Istilah green economy alias ekonomi hijau sedang hangat-hangatnya dibahas di manapun. Itu karena banyak negara-negara di dunia mulai serius memperhatikan lingkungan. Kelestarian alam jangan sampai rusak akibat ekonomi yang kotor.

Maka jangan heran bila produk-produk yang ramah lingkungan belakangan mulai diminati di pasaran. Mobil listrik salah satunya. Berbagai produsen mulai serius mengembangkan mobil listrik lantaran permintaan pasar yang meningkat.

Itu baru satu contoh. Masih banyak produk lain yang mulai dilirik lantaran dinilai lebih ramah lingkungan. Termasuk QRIS, yang terbukti sukses dalam menekan penggunaan uang tunai.

Melansir situs resmi Kemenkop UKM, kini semua negara di dunia memasuki masa transisi menuju ekonomi hijau. Diasumsikan, ekonomi hijau dapat membuka peluang usaha hingga setara USD 10 triliun, dengan lapangan kerja baru yang dapat dibuka mencapai 395 juta pada 2030 mendatang.

Tantangan dan peluang ini harus ditangkap dengan baik oleh pelaku usaha. Ekonomi hijau bisa diadaptasikan pada bisnis yang dijalankan. Bisa dimulai dari tahap produksi, manajemen usaha, atau bahkan produk yang dihasilkan itu sendiri.

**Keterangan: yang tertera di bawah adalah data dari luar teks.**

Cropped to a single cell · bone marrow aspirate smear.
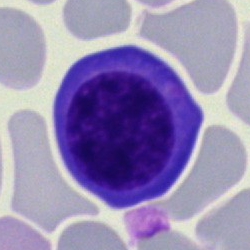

Data dari Bank Indonesia dapat memberikan gambaran. Hingga Mei 2022 lalu, merchant yang mulai menggunakan QRIS sudah tembus 18,7 juta pengguna. Tak hanya usaha kelas menengah atas, UMKM juga mulai memanfaatkan fasilitas pembayaran digital yang diklaim lebih ramah lingkungan ini.

Toh, saat ini, semua produk yang diberi embel-embel green atau hijau, mendapat tempat tersendiri di hari masyarakat. Sehingga, adaptasi dengan ekonomi hijau akan membuka pasar yang lebih luas bagi pelaku usaha.

Lantas, mengapa tidak mulai mencoba?